Since gene targets and biological processes/disease association of many of these lncRNAs is known, this data can be used to study the mechanism of action of particular lncRNAs in pathology, especially metabolic diseases in other models of metabolic syndrome.

Data

In this dataset, human embryonic stem cells (hESCs) were used as a model of embryonic neurogenesis. By their directed differentiation into neurons using established protocols [1], [2], [3], the expression profiles of select lncRNAs were assessed during in vitro embryonic neurogenesis (Fig. 3) and dataset was generated for differentially expressed lncRNAs due to excess fat uptake (Supplementary Table 1). The undifferentiated hESCs were treated with 250 µM palmitate after identifying it as the highest concentration which is non-toxic to these cells (Fig. 1) as this could lead to maximum effect of fat uptake without affecting cell viability. The palmitate treated hESCs were differentiated towards neurons in constant levels of palmitate throughout and fat uptake was confirmed by Oil Red O staining (Fig. 2A and B).

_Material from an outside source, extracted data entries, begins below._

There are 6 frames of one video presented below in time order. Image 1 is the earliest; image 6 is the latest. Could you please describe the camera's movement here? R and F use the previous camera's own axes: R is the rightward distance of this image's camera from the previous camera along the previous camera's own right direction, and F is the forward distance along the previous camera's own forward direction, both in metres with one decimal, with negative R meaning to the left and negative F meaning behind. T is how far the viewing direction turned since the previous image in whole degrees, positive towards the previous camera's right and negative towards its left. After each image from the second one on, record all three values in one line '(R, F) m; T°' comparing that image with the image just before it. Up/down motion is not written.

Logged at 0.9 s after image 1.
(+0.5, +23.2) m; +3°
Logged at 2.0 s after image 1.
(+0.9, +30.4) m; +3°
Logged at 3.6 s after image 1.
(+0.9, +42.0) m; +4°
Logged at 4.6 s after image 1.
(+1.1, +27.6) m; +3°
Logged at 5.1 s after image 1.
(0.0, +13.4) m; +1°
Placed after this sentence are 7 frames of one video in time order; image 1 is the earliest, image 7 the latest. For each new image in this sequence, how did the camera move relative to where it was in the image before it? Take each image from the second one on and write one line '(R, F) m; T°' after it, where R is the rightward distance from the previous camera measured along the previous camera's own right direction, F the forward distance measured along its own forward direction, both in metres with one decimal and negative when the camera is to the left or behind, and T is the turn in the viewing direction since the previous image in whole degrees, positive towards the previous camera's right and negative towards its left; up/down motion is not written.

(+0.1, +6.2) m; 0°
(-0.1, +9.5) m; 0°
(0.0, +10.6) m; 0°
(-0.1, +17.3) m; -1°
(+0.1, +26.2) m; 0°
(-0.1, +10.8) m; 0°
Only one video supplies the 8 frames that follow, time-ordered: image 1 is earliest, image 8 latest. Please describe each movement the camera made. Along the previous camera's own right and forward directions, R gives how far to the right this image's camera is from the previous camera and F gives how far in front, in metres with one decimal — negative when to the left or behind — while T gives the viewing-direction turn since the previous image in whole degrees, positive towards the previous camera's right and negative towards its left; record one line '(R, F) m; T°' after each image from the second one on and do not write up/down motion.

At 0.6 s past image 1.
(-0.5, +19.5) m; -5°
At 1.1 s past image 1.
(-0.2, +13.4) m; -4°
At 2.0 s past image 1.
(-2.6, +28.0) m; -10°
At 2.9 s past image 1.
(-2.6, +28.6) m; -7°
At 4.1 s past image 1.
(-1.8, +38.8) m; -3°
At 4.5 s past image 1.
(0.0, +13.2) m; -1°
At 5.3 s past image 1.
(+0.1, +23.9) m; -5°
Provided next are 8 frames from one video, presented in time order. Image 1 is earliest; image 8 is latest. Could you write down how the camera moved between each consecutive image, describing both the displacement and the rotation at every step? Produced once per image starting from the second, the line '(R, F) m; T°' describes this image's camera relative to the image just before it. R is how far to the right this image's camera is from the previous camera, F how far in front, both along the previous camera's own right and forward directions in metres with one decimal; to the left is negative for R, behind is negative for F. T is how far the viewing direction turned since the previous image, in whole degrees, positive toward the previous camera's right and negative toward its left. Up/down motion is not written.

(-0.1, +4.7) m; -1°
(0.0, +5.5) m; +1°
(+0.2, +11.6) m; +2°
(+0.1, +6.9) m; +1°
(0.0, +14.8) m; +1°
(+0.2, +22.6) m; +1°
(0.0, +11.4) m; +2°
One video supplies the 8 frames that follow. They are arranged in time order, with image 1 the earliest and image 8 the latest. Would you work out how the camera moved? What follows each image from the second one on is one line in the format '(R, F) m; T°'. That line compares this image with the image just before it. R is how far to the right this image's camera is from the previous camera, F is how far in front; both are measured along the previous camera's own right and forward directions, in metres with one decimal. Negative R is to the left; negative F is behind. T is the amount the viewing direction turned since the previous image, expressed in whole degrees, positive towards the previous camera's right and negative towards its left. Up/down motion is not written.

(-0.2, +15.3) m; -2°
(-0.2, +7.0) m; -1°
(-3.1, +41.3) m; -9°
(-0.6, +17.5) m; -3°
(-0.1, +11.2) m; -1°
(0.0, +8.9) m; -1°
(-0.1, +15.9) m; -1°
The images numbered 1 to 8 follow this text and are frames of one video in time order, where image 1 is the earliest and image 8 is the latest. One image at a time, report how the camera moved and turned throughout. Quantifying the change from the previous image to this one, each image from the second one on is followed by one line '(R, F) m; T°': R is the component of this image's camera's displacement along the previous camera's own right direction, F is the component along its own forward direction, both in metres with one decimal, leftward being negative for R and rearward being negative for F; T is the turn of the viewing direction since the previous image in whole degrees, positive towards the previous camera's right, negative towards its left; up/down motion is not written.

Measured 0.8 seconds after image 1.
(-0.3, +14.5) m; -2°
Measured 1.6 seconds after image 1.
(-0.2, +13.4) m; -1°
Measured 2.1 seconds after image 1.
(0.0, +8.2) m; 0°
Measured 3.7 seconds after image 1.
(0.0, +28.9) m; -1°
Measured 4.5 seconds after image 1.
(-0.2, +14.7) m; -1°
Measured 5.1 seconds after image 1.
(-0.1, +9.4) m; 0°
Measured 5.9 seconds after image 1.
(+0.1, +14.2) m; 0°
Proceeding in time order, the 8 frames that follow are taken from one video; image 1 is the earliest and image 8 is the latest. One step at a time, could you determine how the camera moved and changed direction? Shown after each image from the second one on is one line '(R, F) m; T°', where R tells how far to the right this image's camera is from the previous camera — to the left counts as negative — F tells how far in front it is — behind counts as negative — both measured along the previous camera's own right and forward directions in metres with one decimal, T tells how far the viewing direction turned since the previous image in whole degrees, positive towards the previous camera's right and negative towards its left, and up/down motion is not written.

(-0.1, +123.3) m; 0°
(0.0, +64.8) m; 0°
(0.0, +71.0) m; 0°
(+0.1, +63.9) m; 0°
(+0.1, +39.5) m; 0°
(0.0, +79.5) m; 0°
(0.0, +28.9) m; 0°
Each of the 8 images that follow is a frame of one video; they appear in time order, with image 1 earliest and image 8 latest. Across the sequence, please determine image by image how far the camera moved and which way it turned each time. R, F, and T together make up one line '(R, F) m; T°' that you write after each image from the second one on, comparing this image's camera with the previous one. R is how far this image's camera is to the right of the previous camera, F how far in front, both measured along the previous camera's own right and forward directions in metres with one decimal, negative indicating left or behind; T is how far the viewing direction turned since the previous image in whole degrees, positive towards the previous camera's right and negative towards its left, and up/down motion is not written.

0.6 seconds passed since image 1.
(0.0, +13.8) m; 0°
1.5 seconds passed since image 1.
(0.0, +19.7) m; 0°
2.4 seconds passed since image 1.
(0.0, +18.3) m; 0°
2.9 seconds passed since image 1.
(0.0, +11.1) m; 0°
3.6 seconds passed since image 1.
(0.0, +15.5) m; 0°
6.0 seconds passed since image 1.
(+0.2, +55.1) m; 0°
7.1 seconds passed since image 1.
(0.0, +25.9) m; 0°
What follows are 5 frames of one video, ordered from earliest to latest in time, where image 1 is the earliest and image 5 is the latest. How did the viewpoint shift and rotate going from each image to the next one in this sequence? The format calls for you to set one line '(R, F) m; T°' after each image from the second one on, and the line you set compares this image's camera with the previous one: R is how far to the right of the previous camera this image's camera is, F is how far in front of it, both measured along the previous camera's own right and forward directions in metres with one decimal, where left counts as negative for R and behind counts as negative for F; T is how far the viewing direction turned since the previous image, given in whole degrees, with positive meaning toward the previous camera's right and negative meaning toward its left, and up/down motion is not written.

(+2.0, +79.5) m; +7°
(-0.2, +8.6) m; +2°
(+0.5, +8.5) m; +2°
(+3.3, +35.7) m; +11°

The expression analysis of lncRNAs was performed by RT-qPCR on vehicle control and palmitate treated cells from 4 stages of differentiation, D0 (undifferentiated hESCs), D12 (neural stem cells), D44 (neural progenitors) and D70 (neurons) using lncRNAs array plates from Arraystar Inc. which contains 372 functionally identified lncRNAs found to be associated with lipid metabolism and other pathways (Cat# AS-NR-004). Fig. 3 shows data on expression profile of these lncRNAs whereas Supplementary Table 1 contains list of these lncRNAs differentially expressed in the presence of palmitate (250 µM) relative to vehicle control at D0, D12, D44 and D70 of neural differentiation.

Fig. 3

Expression profile of lncRNAs from different stages of in vitro embryonic neuorgenesis. The expression of 372 functionally known lncRNAs was analyzed by RT-qPCR using ‘nrStar™ Human Functional LncRNA PCR Array’ on H9 cells at days 0, 12, 44 and 70 of neural differentiation. The delta CT values for individual lncRNAs are shown after normalization to 18S rRNA. The bright red color indicates highest expression whereas bright blue shows lowest expression.

Fig. 1

Effect of increasing palmitate concentrations on viability of hESCs. The H9 cells, grown on matrigel coated tissue culture dishes were treated with 0, 50, 100, 150, 200, 250, 500, 1000 μM of palmitate for 3 days. The phase images (20×) were captured on EVOS XL Core microscope (scale bar = 100 μm).

Fig. 2

Quantitation of palmitate uptake by hESCs during different stages of in vitro embryonic neuorgenesis by Oil red O staining. (A) The H9 cells were differentiated into cortical neurons using established protocol in the presence of palmitate (250uM) and vehicle control. The cells were fixed at indicated time points for Oil red O staining. The phase-contrast images (20×) were captured on EVOS XL Core microscope (scale bar = 100 μm). (B) The Oil red stain from cells, described in panel A was extracted and quantitated using standard protocol and measured at absorbance 490 nm using TECAN Infinite M200 pro plate reader. The data (bars) are represented as mean ± standard deviation. * p ≤ 0.05, **p ≤ 0.01, ***p ≤ 0.001 (unpaired Student׳s t test).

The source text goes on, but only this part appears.